INFORMATION GIVEN:
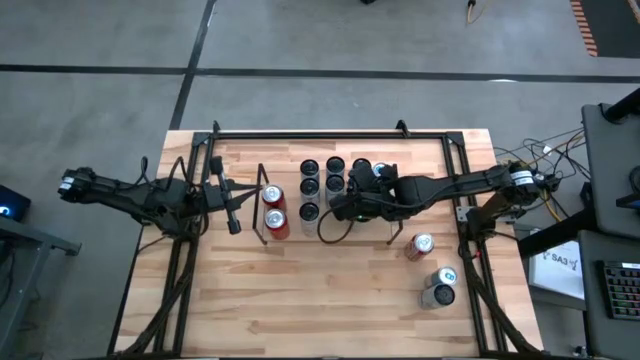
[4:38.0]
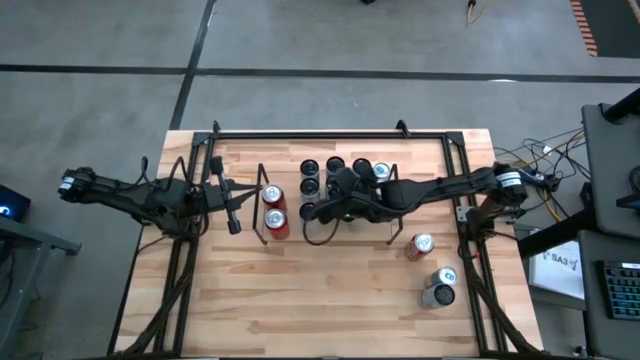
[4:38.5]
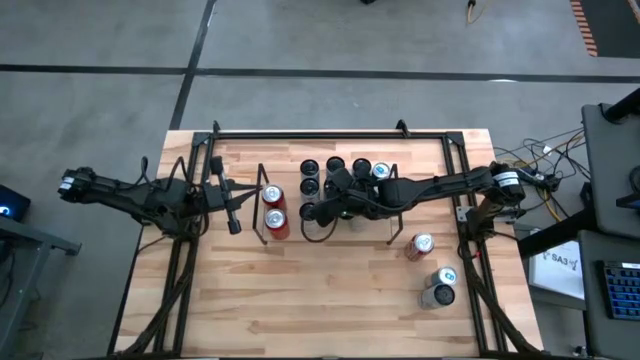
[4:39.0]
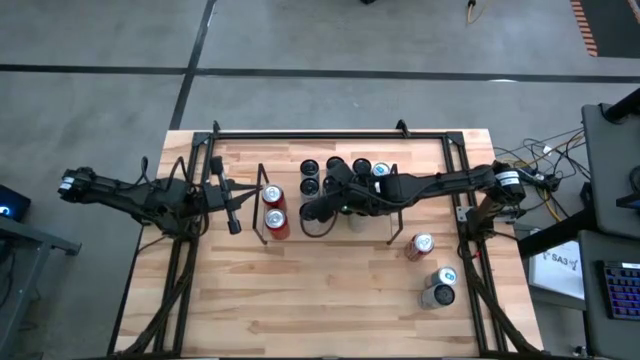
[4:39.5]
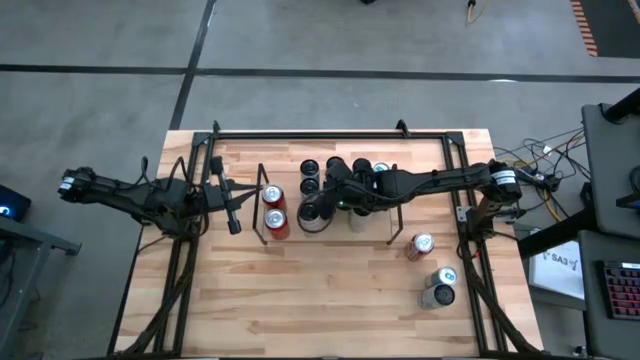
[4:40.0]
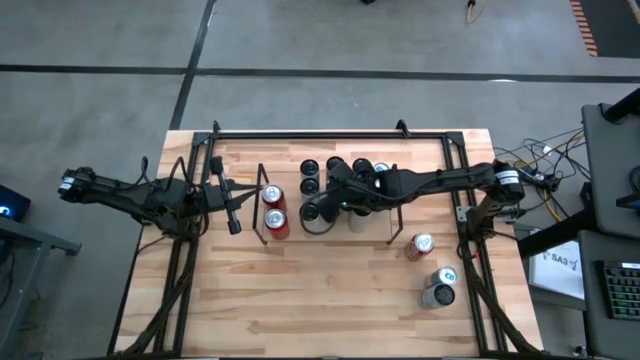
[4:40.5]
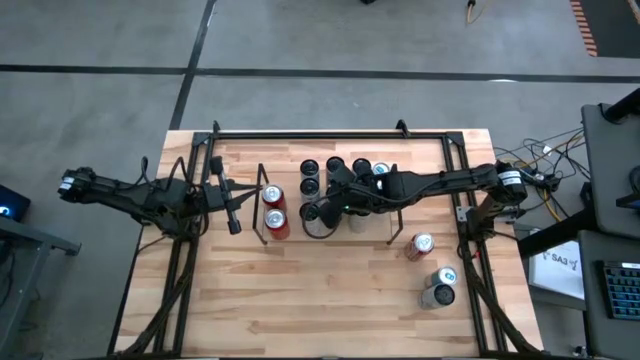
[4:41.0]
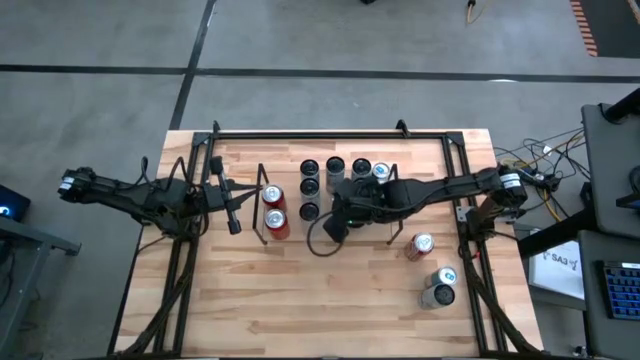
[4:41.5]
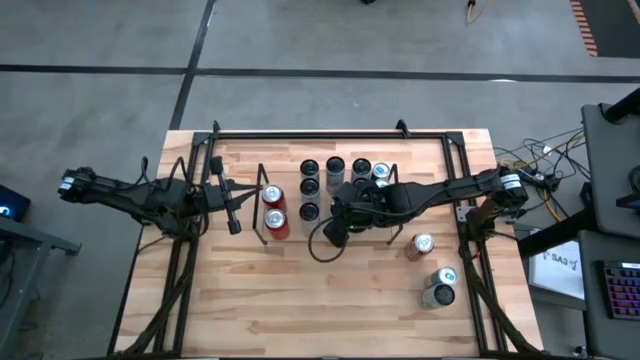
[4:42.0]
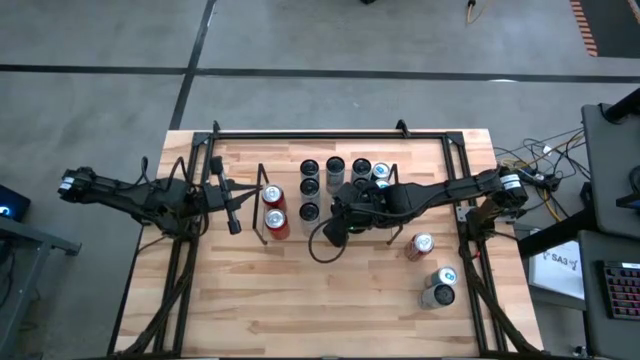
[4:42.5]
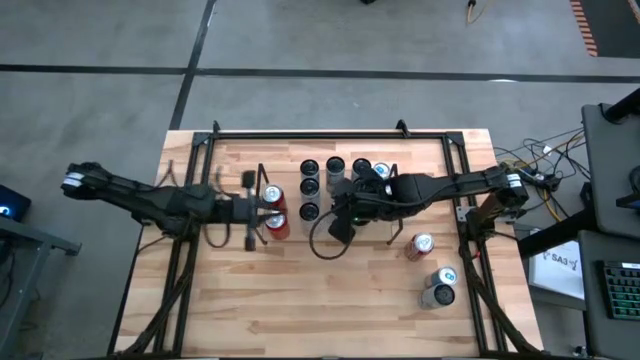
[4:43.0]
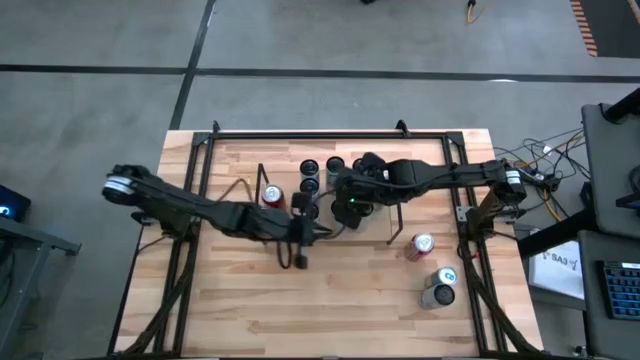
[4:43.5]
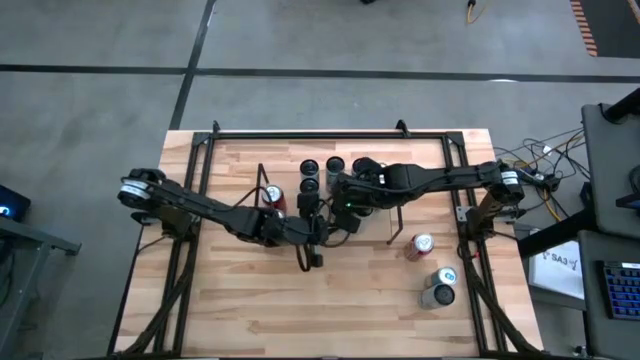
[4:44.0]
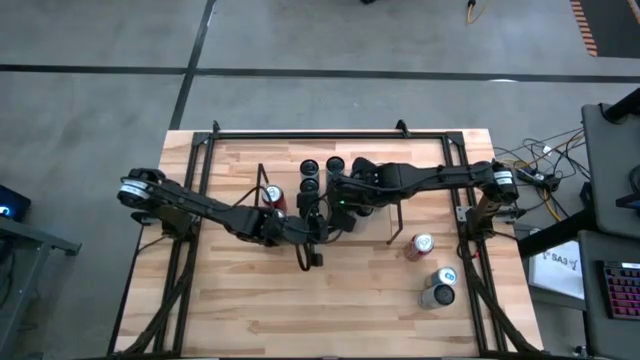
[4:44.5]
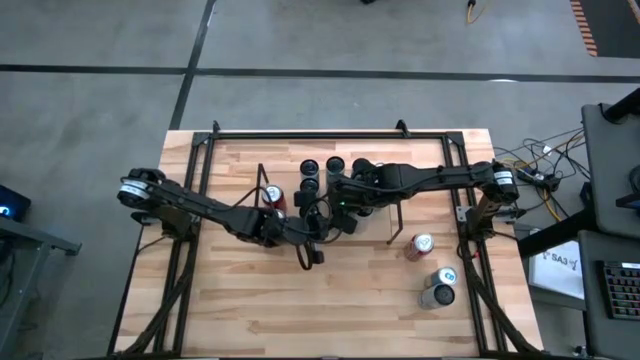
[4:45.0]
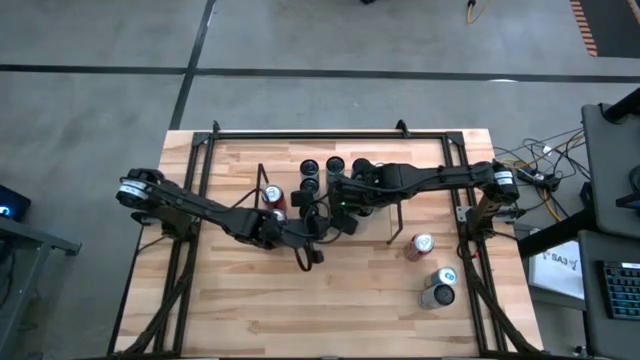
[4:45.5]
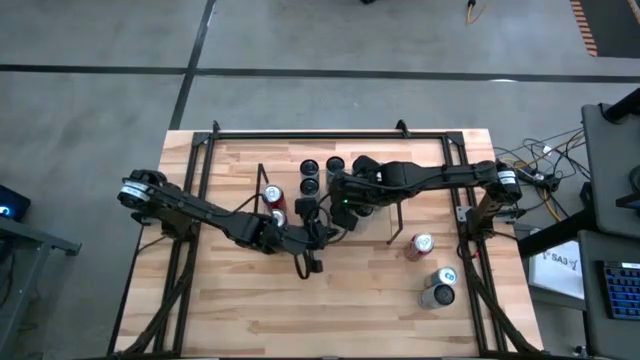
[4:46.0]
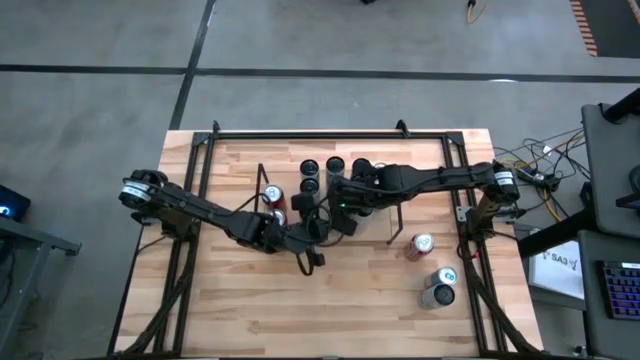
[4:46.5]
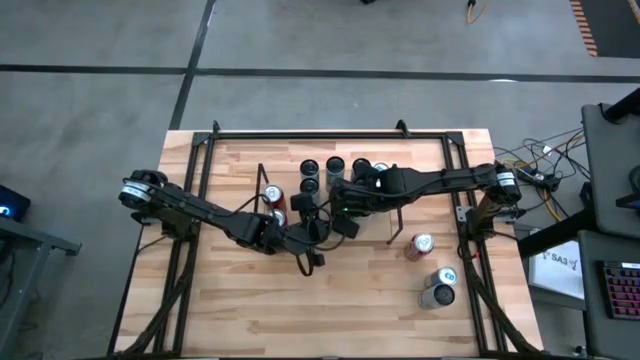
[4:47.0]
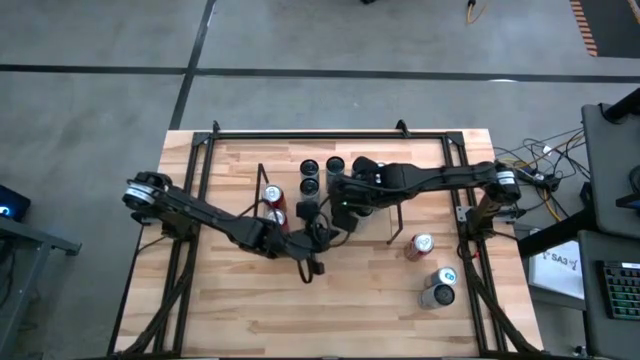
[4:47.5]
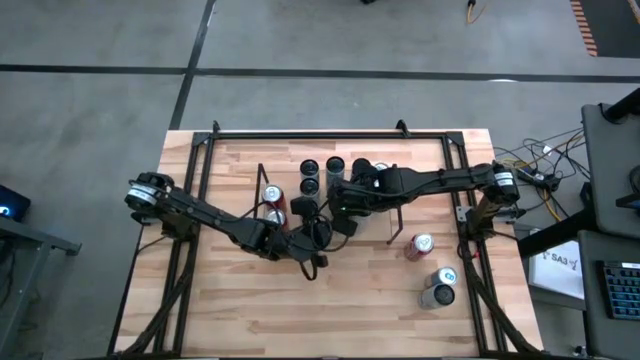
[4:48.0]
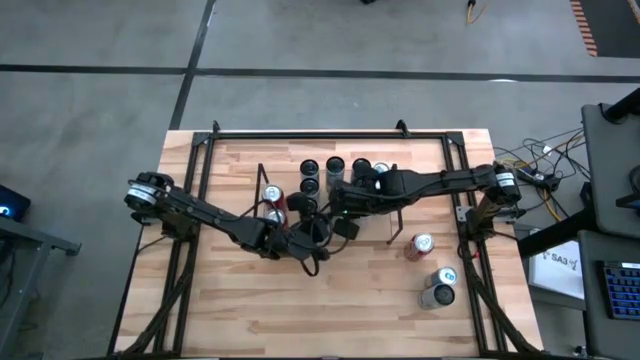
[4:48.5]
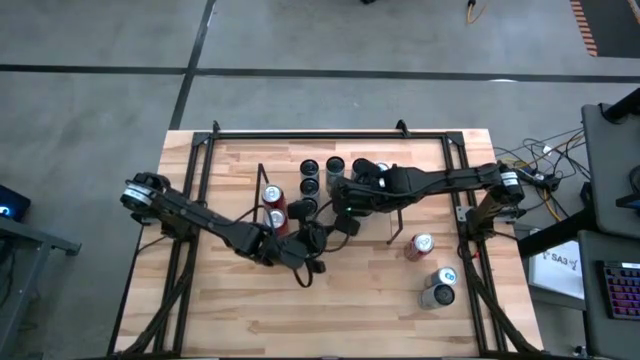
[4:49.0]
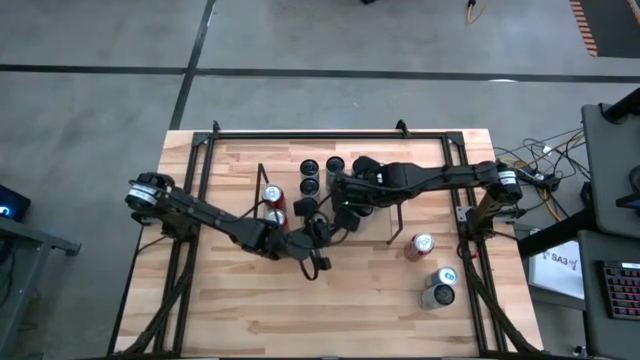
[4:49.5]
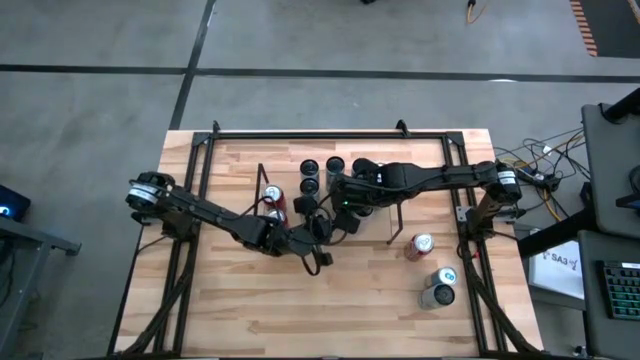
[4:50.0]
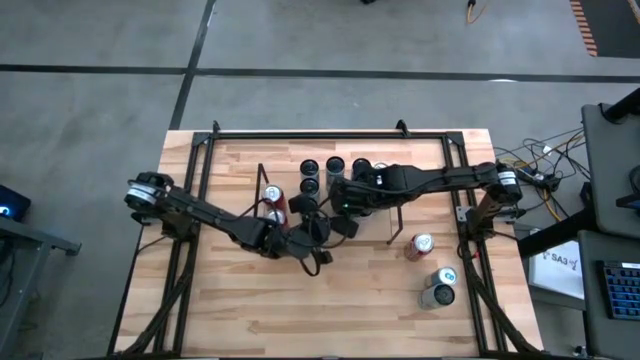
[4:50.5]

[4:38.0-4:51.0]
Task: Place canned beverage on shelf
Adjust the white and blue soda cans

WHAT YOU HAVE TO DO: Reproduce each line of the records exactly, and omit every picture.

EXERCISE OUTPUT:
[4:38.0]
[4:38.5]
[4:39.0]
[4:39.5]
[4:40.0]
[4:40.5]
[4:41.0]
[4:41.5]
[4:42.0]
[4:42.5]
[4:43.0]
[4:43.5]
[4:44.0]
[4:44.5]
[4:45.0]
[4:45.5]
[4:46.0]
[4:46.5]
[4:47.0]
[4:47.5]
[4:48.0]
[4:48.5]
[4:49.0]
[4:49.5]
[4:50.0]
[4:50.5]

[4:38.0-4:51.0]
Task: Place canned beverage on shelf
Adjust the white and blue soda cans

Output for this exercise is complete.